Running on a Cray T3E-900, the linear acceleration and good scalability of the liquid octanol system under large-scale parallel conditions were demonstrated.

• SCF Performance Testing:
  Semi-direct distributed data flow computing (DDSCF) was performed on an IBM SP (150 MHz node) to examine CPU speedup and disk usage as the number of processor nodes increases.
  The results show that disk usage increases proportionally to available resources, verifying the scalability of the SCF module in a distributed environment.
• DFT benchmark (SIOSI3/6/7):
  LDA calculations were performed on three zeolite fragment systems (containing 347, 1687, and 3554 basis functions, respectively) to evaluate the scalability of the density functional theory module.
  Provide input files (siosi3.nw, siosi6.nw, siosi7.nw) for reproducible experiments, requiring computations to be performed entirely in memory (in-core).
  The memory usage can be verified by searching for the keyword "in-core" in the output file, and the calculation results show good multiprocessor parallel acceleration.
• MP2 gradient calculation:
  MP2 gradient calculations were performed on the (H₂O)₇ molecule and potassium crown ether system to analyze the CPU time distribution under different numbers of processors.
  The calculations were performed on an IBM SP (120 MHz node), demonstrating the proportion of computation time for each part.
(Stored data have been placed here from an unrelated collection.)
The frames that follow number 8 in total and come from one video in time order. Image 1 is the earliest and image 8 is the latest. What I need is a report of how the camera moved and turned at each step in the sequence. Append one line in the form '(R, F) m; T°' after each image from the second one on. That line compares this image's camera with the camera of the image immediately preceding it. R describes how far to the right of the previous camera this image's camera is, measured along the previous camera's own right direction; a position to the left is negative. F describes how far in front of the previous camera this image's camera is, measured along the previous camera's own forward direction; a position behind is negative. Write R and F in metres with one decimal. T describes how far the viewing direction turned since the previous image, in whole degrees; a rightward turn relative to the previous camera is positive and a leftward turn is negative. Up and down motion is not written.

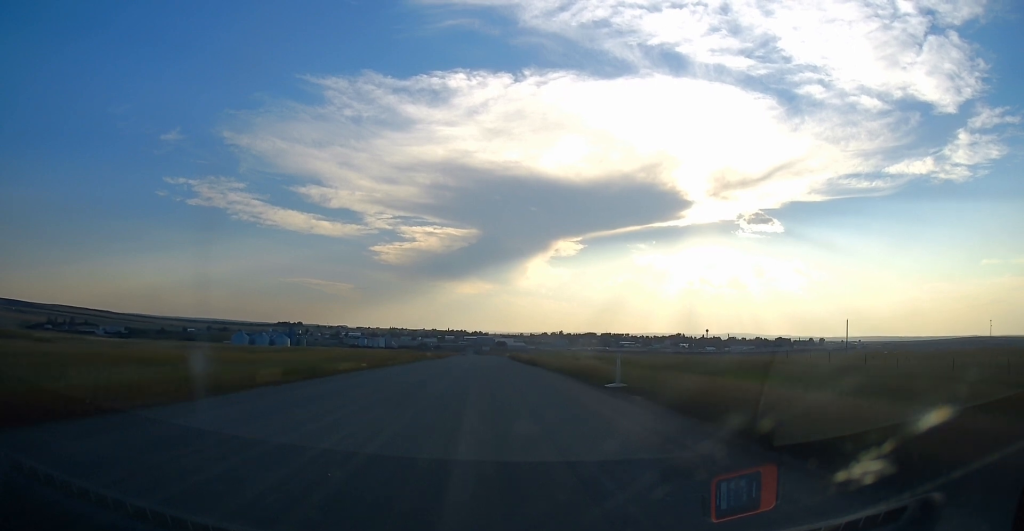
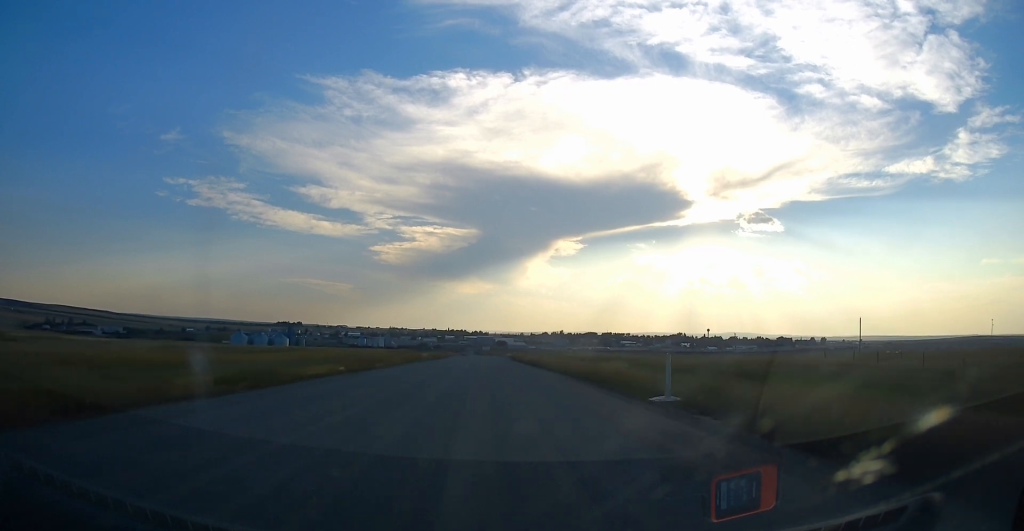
(+0.1, +7.0) m; +1°
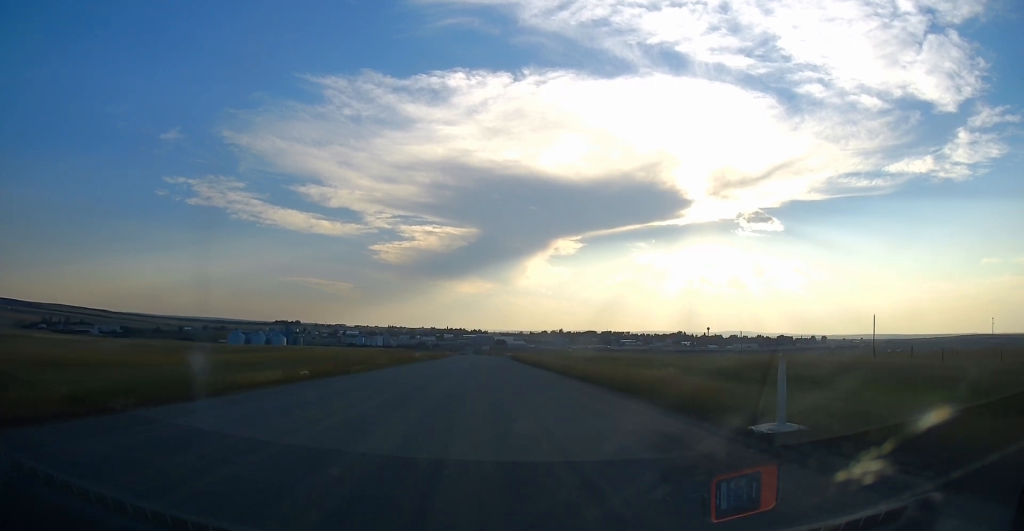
(0.0, +7.4) m; 0°
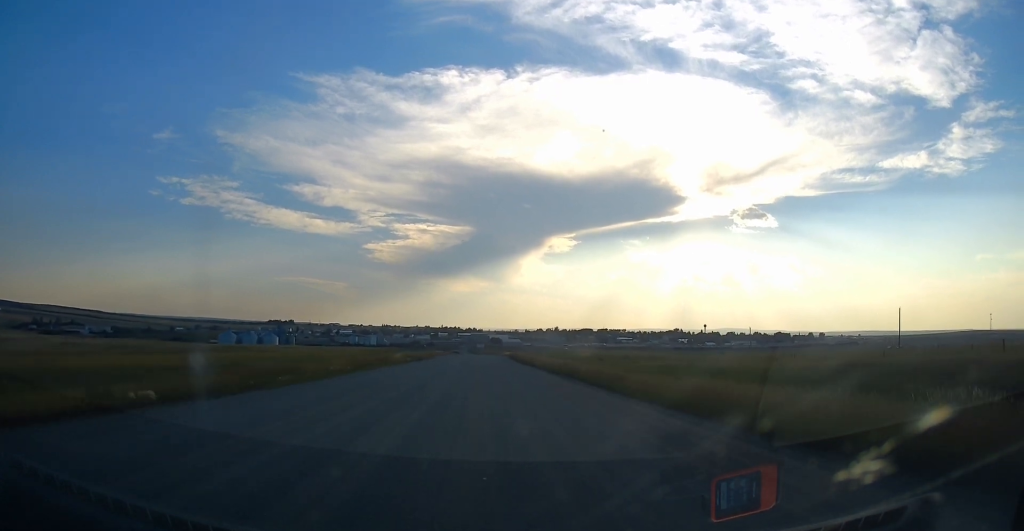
(0.0, +13.8) m; 0°
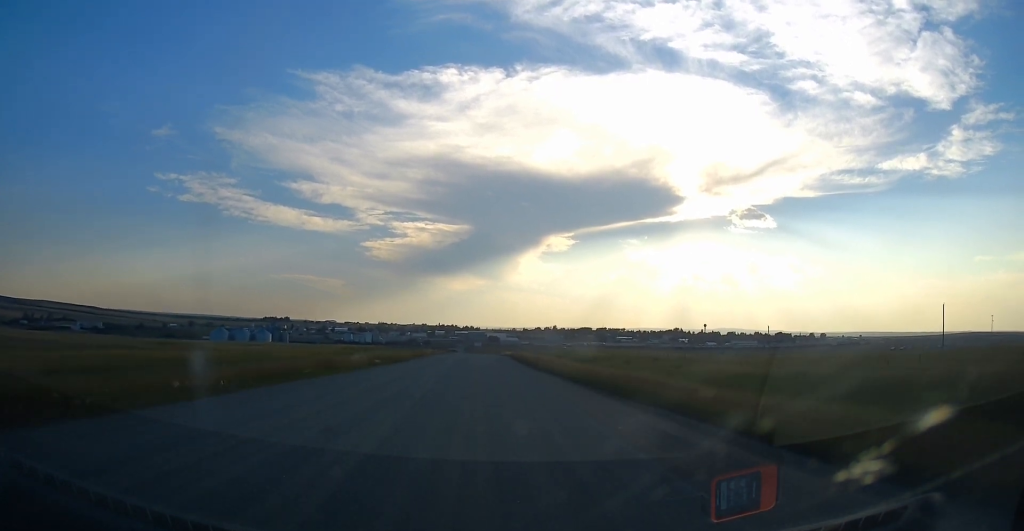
(0.0, +18.4) m; 0°
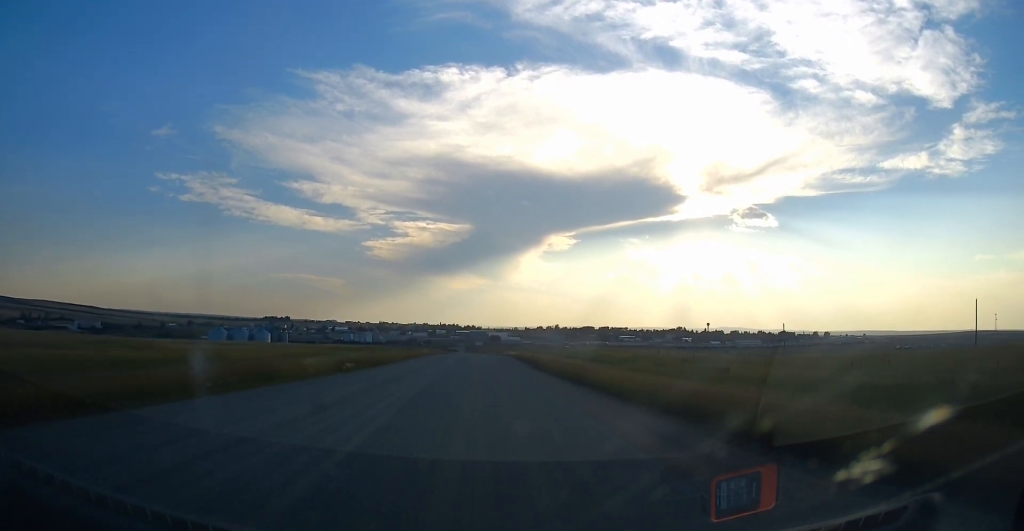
(0.0, +11.0) m; 0°
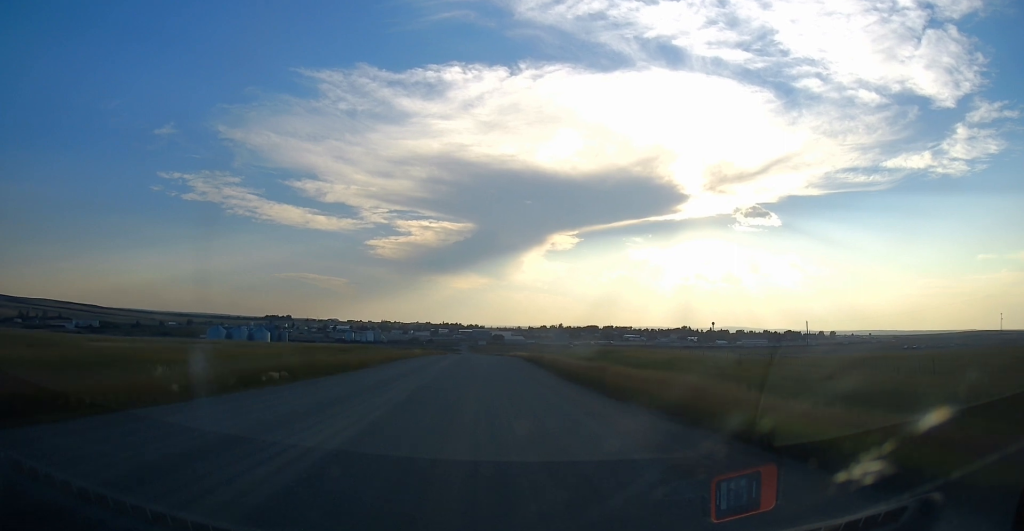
(0.0, +14.6) m; 0°
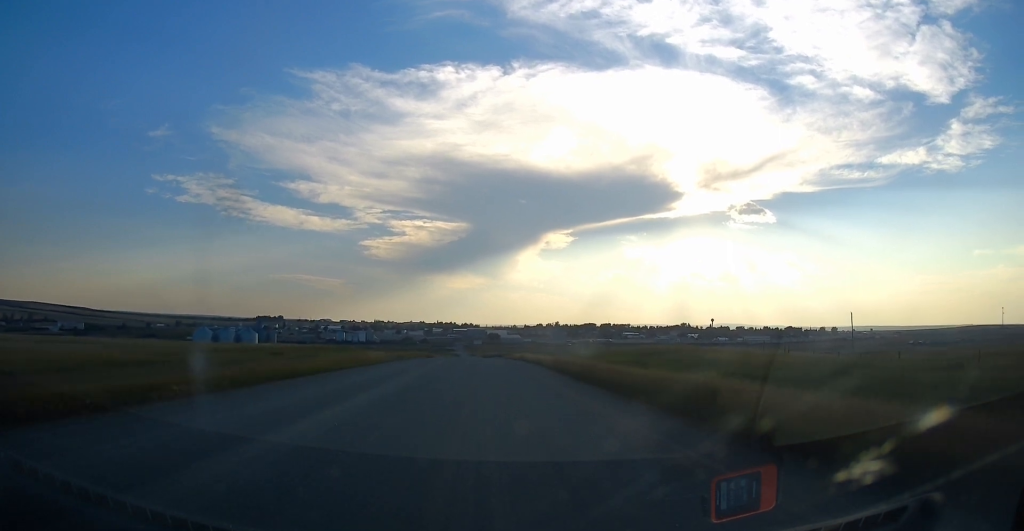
(0.0, +29.6) m; 0°

  A reproducible input file, h2o7.nw, is provided for further performance testing.

Usage Tips

• For performance comparisons, please record the number of nodes/cores, wall-time, and parallel configuration (MPI×OpenMP) to ensure a fair comparison.
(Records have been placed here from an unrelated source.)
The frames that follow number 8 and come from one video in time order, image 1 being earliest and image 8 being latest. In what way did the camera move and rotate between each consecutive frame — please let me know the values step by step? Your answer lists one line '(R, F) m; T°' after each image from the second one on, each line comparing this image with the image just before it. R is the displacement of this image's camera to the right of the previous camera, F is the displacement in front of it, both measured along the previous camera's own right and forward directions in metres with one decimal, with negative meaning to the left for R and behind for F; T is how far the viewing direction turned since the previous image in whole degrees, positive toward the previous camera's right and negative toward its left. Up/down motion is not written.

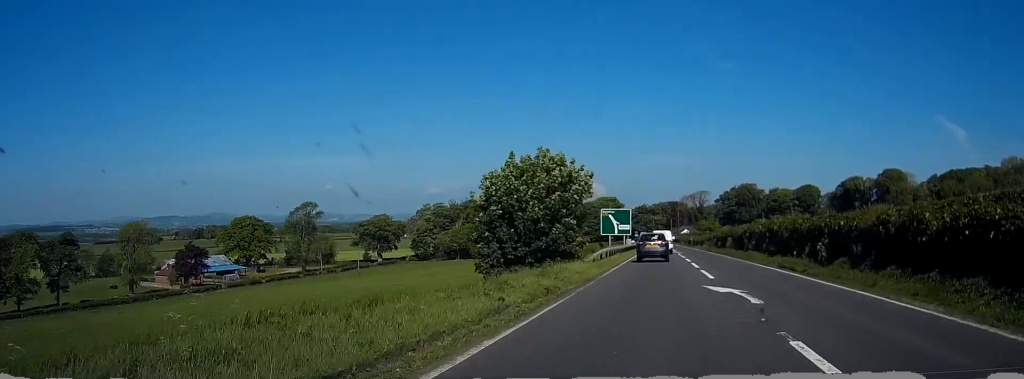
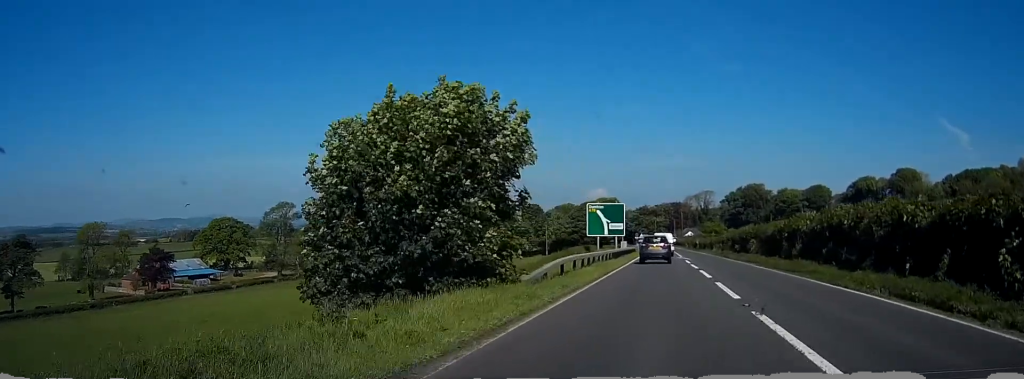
(0.0, +16.5) m; 0°
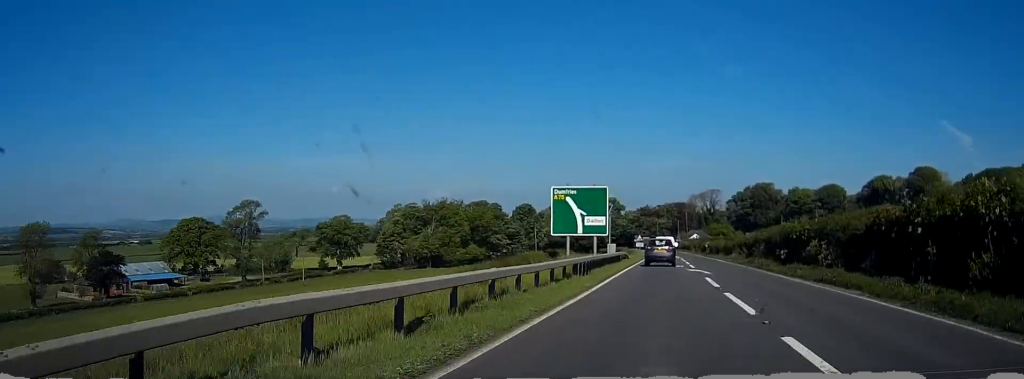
(-0.1, +20.8) m; 0°
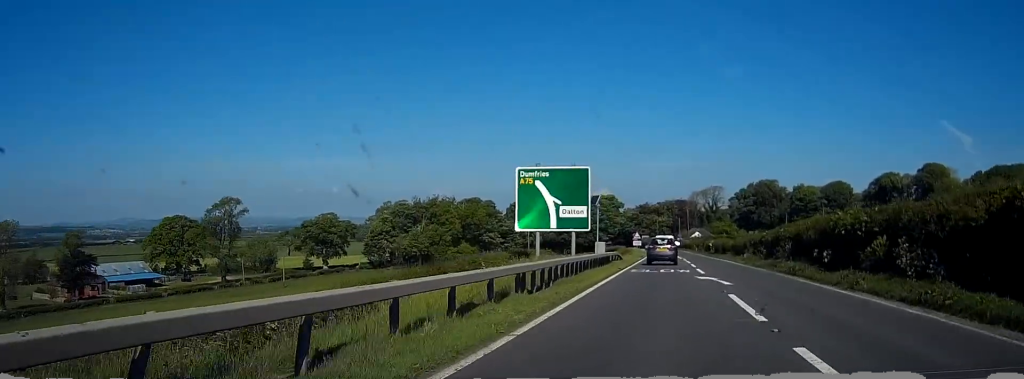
(0.0, +9.9) m; 0°
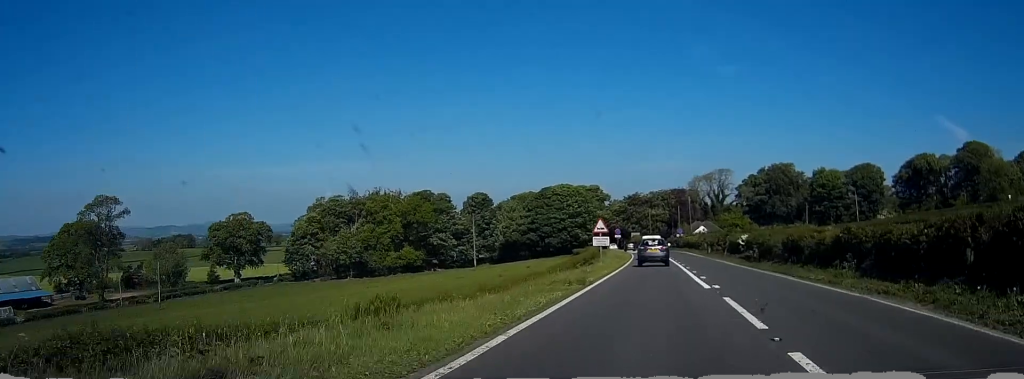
(-0.1, +45.7) m; 0°
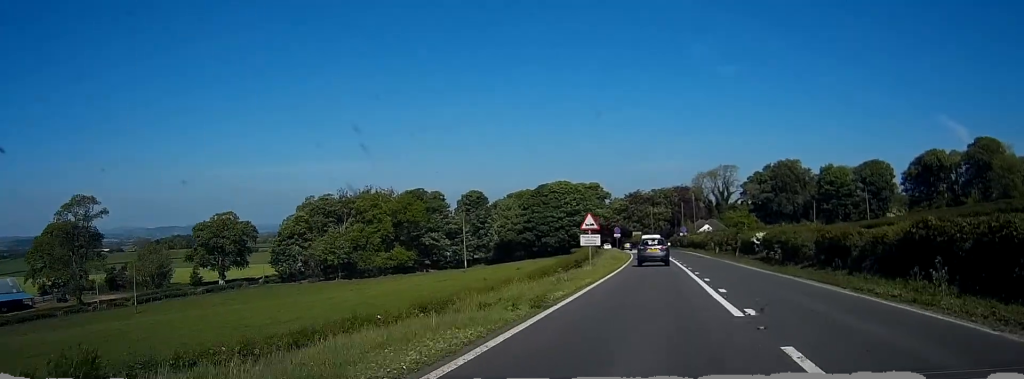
(0.0, +7.8) m; 0°
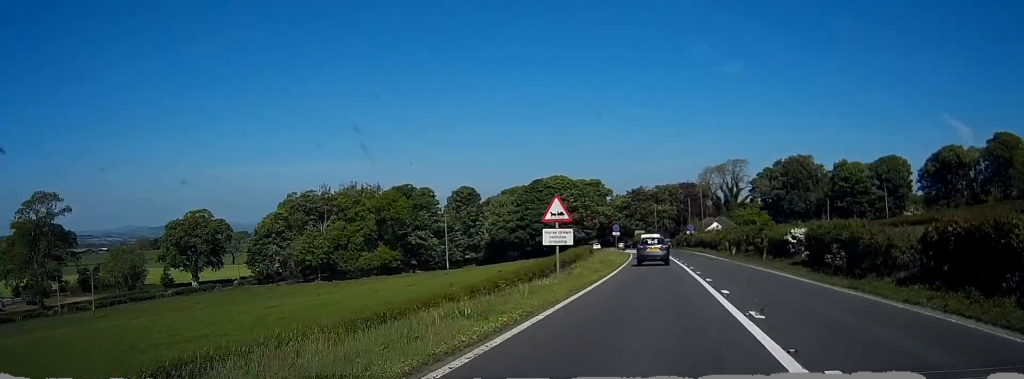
(0.0, +12.5) m; 0°
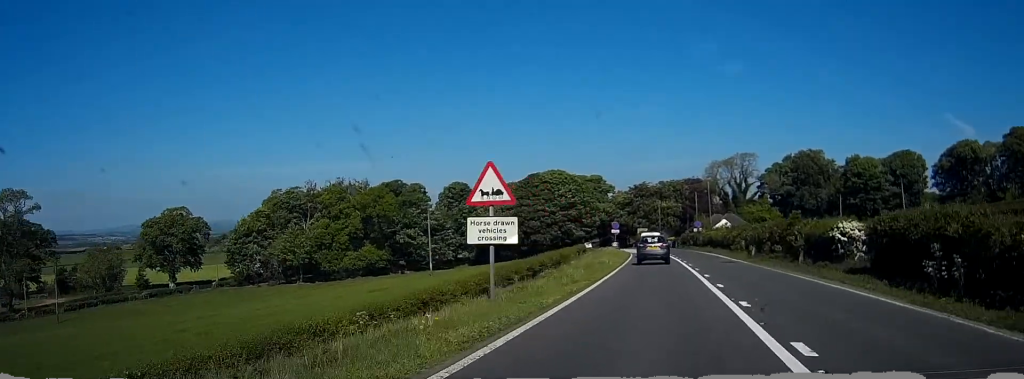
(0.0, +9.8) m; 0°

• Before running, please refer to the input file and README document corresponding to each benchmark scenario to ensure that the input is consistent and the parameters are complete.
• The benchmark can be used for:
• New hardware platform validation: NWChem performance evaluation under environments such as GPU, hybrid systems, and accelerators.
• Parallel optimization evaluation: performance impact of different compilation options, MPI communication model, and memory scheduling.
• Comparative study of software: performance comparison with other quantum chemistry programs (such as Gaussian, CP2K, ORCA) on similar systems.